Interestingly, there was virtually no
correlation between
reaction time and sprint time (correlation r2=0.002).
Here
is the scatter diagram:
Figure 6 - Womens 100m
Sprint Reaction Times
2003 WC F & SF
All the meets discussed above have used silent
gun starting. As
discussed in the Did Sydney Blocks Rob Mo
Greene Of Olympic Record?(Track
&
Field newsletter 2001, was http://www.trackandfieldnews.com/results/newsletter/200105/reaction_times.html,
now defunct and not in internet archive), use of
unsilenced guns in the 2000 Sydney
Olympics cost gun reactors up to 0.05 seconds -
and rewarded the
gun anticipators by allowing them to play with a
0.05 larger margin
above the 0.100 threshold
If athletes were able to see and react to the
gun smoke,
there might not have been this sound-delay
disadvantage.

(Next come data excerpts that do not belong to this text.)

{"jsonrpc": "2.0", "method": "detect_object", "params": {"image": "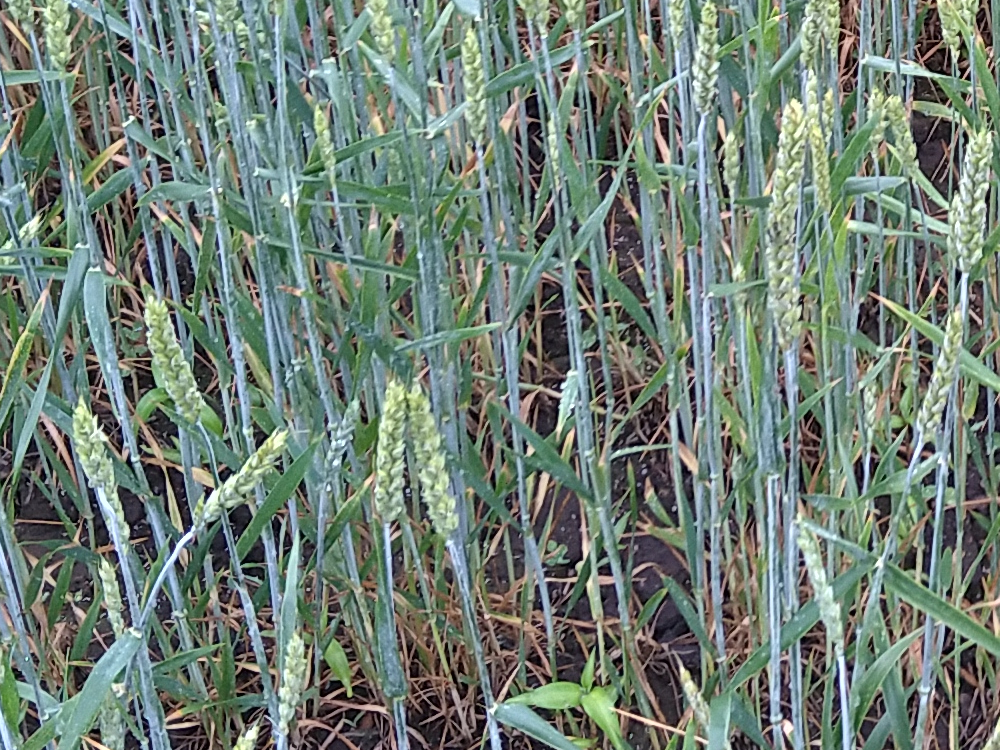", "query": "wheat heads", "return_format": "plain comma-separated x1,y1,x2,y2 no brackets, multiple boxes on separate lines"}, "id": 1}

971,715,1000,750
862,379,879,443
416,477,458,538
765,103,807,346
0,240,20,324
801,0,824,66
822,0,840,54
372,477,410,521
527,0,549,29
666,0,688,42
955,131,993,269
71,400,129,544
202,431,289,525
374,383,408,519
358,0,395,57
99,559,125,637
143,297,202,424
407,385,458,536
917,314,964,437
680,668,710,732
42,0,70,67
210,0,243,46
323,400,361,478
959,0,979,29
98,477,129,550
462,28,487,139
101,689,125,750
796,521,842,648
886,95,916,169
936,0,962,54
341,0,396,58
278,634,309,729
806,78,831,210
694,2,720,109
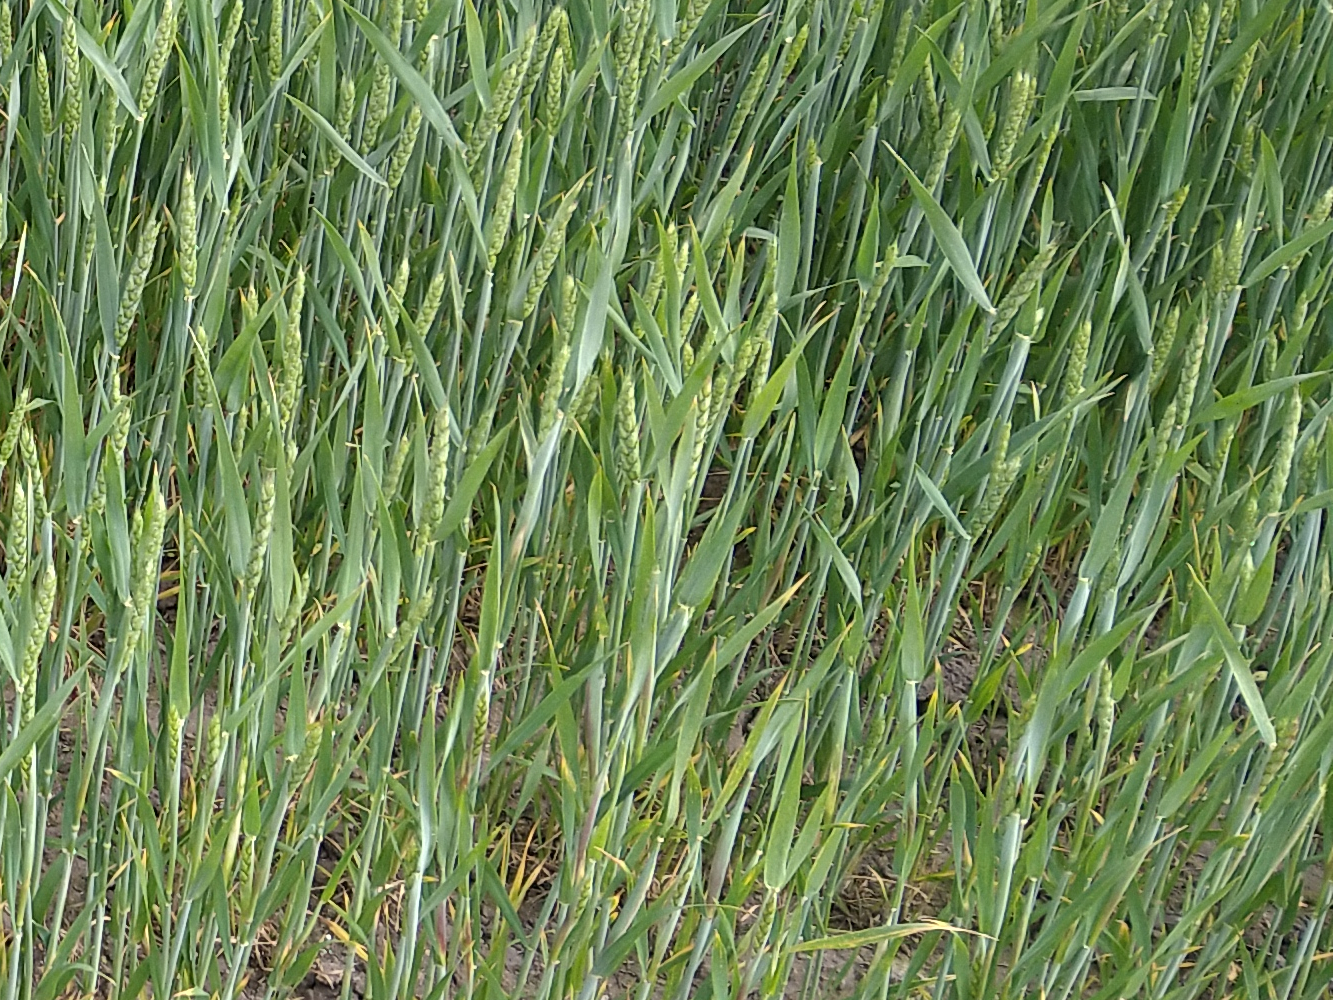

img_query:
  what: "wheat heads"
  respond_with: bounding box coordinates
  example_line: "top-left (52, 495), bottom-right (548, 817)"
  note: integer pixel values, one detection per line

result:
top-left (469, 415), bottom-right (490, 466)
top-left (1290, 6), bottom-right (1304, 60)
top-left (403, 276), bottom-right (444, 373)
top-left (7, 483), bottom-right (31, 578)
top-left (725, 55), bottom-right (768, 150)
top-left (134, 0), bottom-right (176, 120)
top-left (558, 11), bottom-right (575, 77)
top-left (524, 219), bottom-right (568, 317)
top-left (117, 219), bottom-right (161, 352)
top-left (988, 420), bottom-right (1012, 487)
top-left (239, 838), bottom-right (256, 891)
top-left (105, 80), bottom-right (117, 154)
top-left (86, 208), bottom-right (99, 264)
top-left (414, 0), bottom-right (430, 74)
top-left (1175, 321), bottom-right (1208, 439)
top-left (1266, 392), bottom-right (1301, 503)
top-left (633, 251), bottom-right (665, 333)
top-left (868, 0), bottom-right (885, 26)
top-left (372, 433), bottom-right (412, 525)
top-left (191, 324), bottom-right (211, 412)
top-left (69, 515), bottom-right (92, 546)
top-left (709, 378), bottom-right (728, 421)
top-left (1300, 439), bottom-right (1321, 530)
top-left (557, 274), bottom-right (577, 352)
top-left (1003, 699), bottom-right (1034, 784)
top-left (285, 728), bottom-right (325, 796)
top-left (374, 0), bottom-right (404, 52)
top-left (944, 44), bottom-right (964, 123)
top-left (665, 222), bottom-right (677, 258)
top-left (1008, 1), bottom-right (1023, 38)
top-left (401, 0), bottom-right (414, 17)
top-left (178, 172), bottom-right (198, 288)
top-left (864, 717), bottom-right (886, 767)
top-left (1060, 322), bottom-right (1091, 438)
top-left (1158, 185), bottom-right (1190, 236)
top-left (980, 246), bottom-right (1056, 352)
top-left (1019, 77), bottom-right (1037, 132)
top-left (1264, 335), bottom-right (1276, 380)
top-left (282, 272), bottom-right (306, 388)
top-left (619, 380), bottom-right (641, 482)
top-left (888, 10), bottom-right (913, 83)
top-left (21, 676), bottom-right (37, 790)
top-left (243, 475), bottom-right (277, 595)
top-left (1131, 17), bottom-right (1154, 85)
top-left (389, 594), bottom-right (437, 659)
top-left (184, 510), bottom-right (196, 583)
top-left (236, 403), bottom-right (248, 459)
top-left (548, 52), bottom-right (563, 127)
top-left (121, 491), bottom-right (166, 672)
top-left (722, 339), bottom-right (753, 410)
top-left (294, 0), bottom-right (302, 20)
top-left (221, 87), bottom-right (230, 145)
top-left (169, 706), bottom-right (184, 769)
top-left (0, 205), bottom-right (4, 279)
top-left (923, 51), bottom-right (943, 142)
top-left (578, 373), bottom-right (600, 419)
top-left (286, 443), bottom-right (299, 491)
top-left (1207, 1), bottom-right (1234, 64)
top-left (1182, 4), bottom-right (1211, 101)
top-left (1259, 720), bottom-right (1301, 799)
top-left (1110, 0), bottom-right (1130, 40)
top-left (472, 684), bottom-right (489, 758)
top-left (638, 27), bottom-right (663, 86)
top-left (38, 47), bottom-right (55, 133)
top-left (1206, 243), bottom-right (1224, 313)
top-left (783, 26), bottom-right (810, 80)
top-left (981, 112), bottom-right (996, 142)
top-left (1015, 543), bottom-right (1041, 593)
top-left (1291, 292), bottom-right (1309, 330)
top-left (1034, 120), bottom-right (1060, 182)
top-left (498, 29), bottom-right (537, 120)
top-left (279, 572), bottom-right (311, 644)
top-left (299, 11), bottom-right (318, 74)
top-left (1231, 42), bottom-right (1257, 106)
top-left (1009, 71), bottom-right (1022, 117)
top-left (612, 0), bottom-right (651, 76)
top-left (277, 383), bottom-right (300, 440)
top-left (204, 713), bottom-right (220, 774)
top-left (464, 65), bottom-right (515, 167)
top-left (518, 8), bottom-right (562, 101)
top-left (768, 242), bottom-right (780, 298)
top-left (676, 243), bottom-right (688, 280)
top-left (0, 5), bottom-right (13, 62)
top-left (681, 341), bottom-right (693, 382)
top-left (424, 407), bottom-right (450, 533)
top-left (1157, 0), bottom-right (1196, 34)
top-left (663, 0), bottom-right (727, 77)
top-left (218, 197), bottom-right (239, 264)
top-left (679, 290), bottom-right (701, 339)
top-left (754, 295), bottom-right (779, 345)
top-left (487, 130), bottom-right (524, 255)
top-left (1210, 423), bottom-right (1235, 478)
top-left (1222, 225), bottom-right (1247, 288)
top-left (20, 564), bottom-right (57, 676)
top-left (806, 138), bottom-right (818, 185)
top-left (1093, 2), bottom-right (1107, 60)
top-left (687, 336), bottom-right (715, 494)
top-left (1203, 656), bottom-right (1221, 689)
top-left (572, 876), bottom-right (595, 920)
top-left (988, 72), bottom-right (1030, 173)
top-left (360, 50), bottom-right (390, 155)
top-left (246, 288), bottom-right (258, 313)
top-left (131, 510), bottom-right (143, 542)
top-left (2, 387), bottom-right (30, 456)
top-left (990, 0), bottom-right (1004, 55)
top-left (20, 426), bottom-right (47, 528)
top-left (923, 114), bottom-right (962, 196)
top-left (218, 0), bottom-right (243, 78)
top-left (836, 0), bottom-right (873, 68)
top-left (272, 0), bottom-right (282, 87)
top-left (390, 260), bottom-right (410, 323)
top-left (327, 75), bottom-right (355, 166)
top-left (63, 17), bottom-right (84, 155)
top-left (854, 241), bottom-right (899, 332)
top-left (750, 892), bottom-right (776, 971)
top-left (1152, 399), bottom-right (1176, 474)
top-left (540, 345), bottom-right (570, 444)
top-left (1287, 185), bottom-right (1333, 266)
top-left (388, 105), bottom-right (423, 187)
top-left (755, 340), bottom-right (773, 402)
top-left (972, 459), bottom-right (1023, 546)
top-left (707, 216), bottom-right (733, 282)
top-left (66, 0), bottom-right (77, 17)
top-left (1152, 305), bottom-right (1180, 385)
top-left (93, 406), bottom-right (131, 513)
top-left (640, 0), bottom-right (655, 36)
top-left (616, 58), bottom-right (638, 146)
top-left (1098, 669), bottom-right (1113, 740)
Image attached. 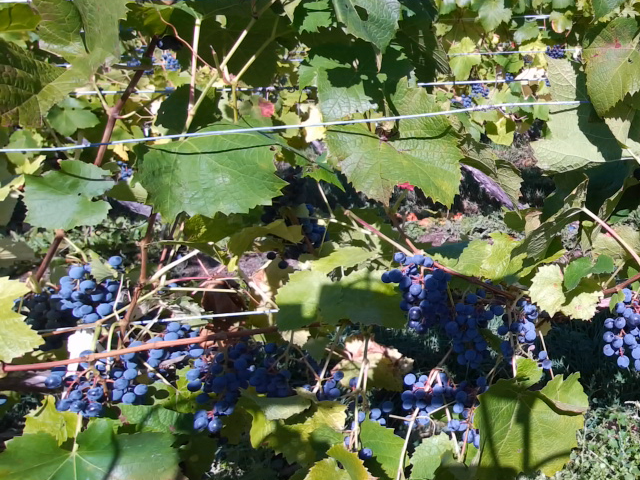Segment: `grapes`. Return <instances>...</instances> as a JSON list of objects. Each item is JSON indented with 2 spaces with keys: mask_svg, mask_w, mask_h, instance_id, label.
<instances>
[{
  "mask_svg": "<svg viewBox=\"0 0 640 480\" xmlns=\"http://www.w3.org/2000/svg\"><path fill=\"white\" fill-rule=\"evenodd\" d=\"M439 383L433 386V389L425 390L423 386L428 381L426 374H421L418 378L413 373H408L404 377V385L406 387L414 386V389H405L402 395V410L410 411L414 407L420 409L415 417V422L422 428L430 426L431 416L429 413L433 409L443 406V394H447L450 398H455L452 405L454 413H461L463 417L470 415V410L465 405H472L474 398L467 396L465 389L469 387L467 380H462L457 388L454 385H447L448 377L445 373L438 375Z\"/></svg>",
  "mask_w": 640,
  "mask_h": 480,
  "instance_id": "4",
  "label": "grapes"
},
{
  "mask_svg": "<svg viewBox=\"0 0 640 480\" xmlns=\"http://www.w3.org/2000/svg\"><path fill=\"white\" fill-rule=\"evenodd\" d=\"M184 355H187L189 359H196L194 369L185 373V378L189 381L187 384L189 391H199L202 388L199 377L203 374L211 375L203 386L205 393L196 396L198 405H206L211 400L209 393L212 391L216 394L225 393L222 400L211 403L214 415L208 416L205 409H199L195 412L192 418V429L199 433H205L209 429L212 434H218L222 429V421L216 415L231 417L235 405L238 403L239 391L237 389H247L249 383L254 386L256 393L266 391L268 398L290 400L294 397V390L285 384V381L291 378L289 370H279L275 375H272L267 373L265 367L256 368L254 371L247 368L252 363V358L258 355V350L248 348L245 342H237L230 350L229 359L233 365L231 373H226L224 377L219 375L222 371L224 355L217 353L214 364L210 365L199 359L204 355V348L196 344L150 350L148 351L147 364L150 367H157L166 359H174Z\"/></svg>",
  "mask_w": 640,
  "mask_h": 480,
  "instance_id": "2",
  "label": "grapes"
},
{
  "mask_svg": "<svg viewBox=\"0 0 640 480\" xmlns=\"http://www.w3.org/2000/svg\"><path fill=\"white\" fill-rule=\"evenodd\" d=\"M66 374L64 367L52 369L50 376L45 379V387L48 391H54L56 387H59L62 382V377Z\"/></svg>",
  "mask_w": 640,
  "mask_h": 480,
  "instance_id": "14",
  "label": "grapes"
},
{
  "mask_svg": "<svg viewBox=\"0 0 640 480\" xmlns=\"http://www.w3.org/2000/svg\"><path fill=\"white\" fill-rule=\"evenodd\" d=\"M89 263L70 264L65 275L58 279L59 291L49 288L51 294H34L24 300L31 313L27 321L35 328L71 327L76 322L92 325L101 317L113 313V304L118 294V282L105 279L96 286L89 278Z\"/></svg>",
  "mask_w": 640,
  "mask_h": 480,
  "instance_id": "3",
  "label": "grapes"
},
{
  "mask_svg": "<svg viewBox=\"0 0 640 480\" xmlns=\"http://www.w3.org/2000/svg\"><path fill=\"white\" fill-rule=\"evenodd\" d=\"M342 378L343 373L341 371H335L332 378L327 380L323 389H320L317 392V398L323 402H331L334 399H337L340 396V389L335 386Z\"/></svg>",
  "mask_w": 640,
  "mask_h": 480,
  "instance_id": "11",
  "label": "grapes"
},
{
  "mask_svg": "<svg viewBox=\"0 0 640 480\" xmlns=\"http://www.w3.org/2000/svg\"><path fill=\"white\" fill-rule=\"evenodd\" d=\"M200 335H202V331L200 329H194L192 331V328L187 324H170V327L168 329H165V332L162 334V336L151 337L148 340V343L169 341L178 338L194 337Z\"/></svg>",
  "mask_w": 640,
  "mask_h": 480,
  "instance_id": "9",
  "label": "grapes"
},
{
  "mask_svg": "<svg viewBox=\"0 0 640 480\" xmlns=\"http://www.w3.org/2000/svg\"><path fill=\"white\" fill-rule=\"evenodd\" d=\"M97 374L101 378L111 379L107 382L108 399L131 405L140 396H148L149 386L145 383L130 385L129 381L139 377L138 363L135 354L118 357H108L96 364Z\"/></svg>",
  "mask_w": 640,
  "mask_h": 480,
  "instance_id": "5",
  "label": "grapes"
},
{
  "mask_svg": "<svg viewBox=\"0 0 640 480\" xmlns=\"http://www.w3.org/2000/svg\"><path fill=\"white\" fill-rule=\"evenodd\" d=\"M72 331H66L63 333H56L52 336H48L44 338V346L40 347L41 351L51 350V349H60L64 345V340H67L69 336H72Z\"/></svg>",
  "mask_w": 640,
  "mask_h": 480,
  "instance_id": "13",
  "label": "grapes"
},
{
  "mask_svg": "<svg viewBox=\"0 0 640 480\" xmlns=\"http://www.w3.org/2000/svg\"><path fill=\"white\" fill-rule=\"evenodd\" d=\"M393 260L399 262V266L404 269H390L382 275L384 283L399 282V289L404 291L403 299L399 303V308L409 312L410 326L418 334H424L434 320L439 317L445 324V334L451 339V345L457 354L456 363L467 365L470 369H478L484 359V349L487 340L479 335V328H484L487 322L494 319V315L501 316L503 307L492 305L490 310H476L473 304L458 302L456 311L460 313L452 320L449 312V294L446 291L448 282L451 279L449 272H444L441 268H434L432 273L424 277V287L420 281H412V277L419 275L417 265L423 268H431L433 259L423 255H413L405 257L403 251H397L393 255ZM472 341L473 348H465L463 343Z\"/></svg>",
  "mask_w": 640,
  "mask_h": 480,
  "instance_id": "1",
  "label": "grapes"
},
{
  "mask_svg": "<svg viewBox=\"0 0 640 480\" xmlns=\"http://www.w3.org/2000/svg\"><path fill=\"white\" fill-rule=\"evenodd\" d=\"M117 165L122 169L120 172V178L122 181H126L132 175V169L128 167L127 163L123 161H118Z\"/></svg>",
  "mask_w": 640,
  "mask_h": 480,
  "instance_id": "17",
  "label": "grapes"
},
{
  "mask_svg": "<svg viewBox=\"0 0 640 480\" xmlns=\"http://www.w3.org/2000/svg\"><path fill=\"white\" fill-rule=\"evenodd\" d=\"M104 393L102 386L94 387L91 379L79 381L73 388L67 390L68 398L60 399L56 403L58 411L72 410L76 414L86 418H95L103 409V404L98 400Z\"/></svg>",
  "mask_w": 640,
  "mask_h": 480,
  "instance_id": "7",
  "label": "grapes"
},
{
  "mask_svg": "<svg viewBox=\"0 0 640 480\" xmlns=\"http://www.w3.org/2000/svg\"><path fill=\"white\" fill-rule=\"evenodd\" d=\"M381 410L384 413H390L393 410V403L391 401H383L381 403ZM381 410L379 408H374L369 413V418L371 420H378V425L380 427H386L388 425V420L386 418H380Z\"/></svg>",
  "mask_w": 640,
  "mask_h": 480,
  "instance_id": "15",
  "label": "grapes"
},
{
  "mask_svg": "<svg viewBox=\"0 0 640 480\" xmlns=\"http://www.w3.org/2000/svg\"><path fill=\"white\" fill-rule=\"evenodd\" d=\"M468 428L469 423L462 421L460 418H454L448 422V429L450 431H463L462 440L465 443H472L474 446H479L481 444L480 435L473 429Z\"/></svg>",
  "mask_w": 640,
  "mask_h": 480,
  "instance_id": "10",
  "label": "grapes"
},
{
  "mask_svg": "<svg viewBox=\"0 0 640 480\" xmlns=\"http://www.w3.org/2000/svg\"><path fill=\"white\" fill-rule=\"evenodd\" d=\"M471 89H472V93L471 95H465V94H461L460 95V100L458 98H451L450 99V103L454 104V103H460L462 104L463 107H471L473 105L472 99L477 98L478 97V93L483 97V98H487L488 95L490 94V89L489 88H484L481 85H471Z\"/></svg>",
  "mask_w": 640,
  "mask_h": 480,
  "instance_id": "12",
  "label": "grapes"
},
{
  "mask_svg": "<svg viewBox=\"0 0 640 480\" xmlns=\"http://www.w3.org/2000/svg\"><path fill=\"white\" fill-rule=\"evenodd\" d=\"M162 60L164 63H167L165 65L166 70L177 71L181 69V63L179 62V59L178 58L174 59L172 54H169V53L163 54Z\"/></svg>",
  "mask_w": 640,
  "mask_h": 480,
  "instance_id": "16",
  "label": "grapes"
},
{
  "mask_svg": "<svg viewBox=\"0 0 640 480\" xmlns=\"http://www.w3.org/2000/svg\"><path fill=\"white\" fill-rule=\"evenodd\" d=\"M517 307L526 313V318H520L518 321H514L511 325L512 316L505 314L503 316L502 324L498 327V333L500 335H506L508 328L512 333H522L518 337L520 344L534 343L536 341L535 326L532 323L539 317V309L534 305L532 301L519 300Z\"/></svg>",
  "mask_w": 640,
  "mask_h": 480,
  "instance_id": "8",
  "label": "grapes"
},
{
  "mask_svg": "<svg viewBox=\"0 0 640 480\" xmlns=\"http://www.w3.org/2000/svg\"><path fill=\"white\" fill-rule=\"evenodd\" d=\"M614 311L621 316L606 318L604 320V327L606 329H623L627 326L630 333L621 336L612 331H605L603 333V341L605 344L602 346V352L607 357H612L613 355H617L619 348L626 344V346L632 350L631 360L634 362V368L640 370V343L637 342V339L640 338V315L632 306L626 307L622 302L615 304Z\"/></svg>",
  "mask_w": 640,
  "mask_h": 480,
  "instance_id": "6",
  "label": "grapes"
}]
</instances>

But maybe
watching for smoke would need your head up in
the wrong position for
a good start and defeats the end of getting
away faster.
Conclusion
There are physical limits to how fast an athlete
can react to the
starters' gun. While the official IAAF rules set a
limit of 0.100
seconds, it's likely that anyone reacting in less
than 0.120
seconds has anticipated the gun.
The new false start rules introduced in Jan
2003 have raised the
stakes for those who want to gamble on
anticipating the gun. This
saw two high profile athletes watch the World
Championship 100m
from the sidelines, after their disqualification
under the new
rules.
Nevertheless, the reaction times, and the
individual variations
in it, can easily swamp the margins by which the
world record has
been improved in recent years. Timing methods
used at the Sydney
2000 Olympics recorded events to 2 decimal
places, but didn't match
the accuracy standards in use at IAAF world
championship events.
The flaws may well have prevented Maurice Greene
setting a world
record that would still stand at the end of
2003. At least at
Sydney 2000, the second decimal digit did not
have the same
significance as at the world championship. And
Greene lost a world
record to Montgomery's Sep 2002 wind and luck
assisted 9.78
run.
Perhaps its reasonable to question whether,
more generally, the
second decimal digit ever does represent
something that an athlete
has control over. When records get down to
improving only the
second decimal digits (hundredths of a second),
they are likely to
be largely a matter of luck or being able to
persist long enough
until luck comes your way.
First published 21st
September, 2002, Last Revised 25th Jan 2017,
relocated to new host, dead links removed,
internet archive pdf substituted where possibl.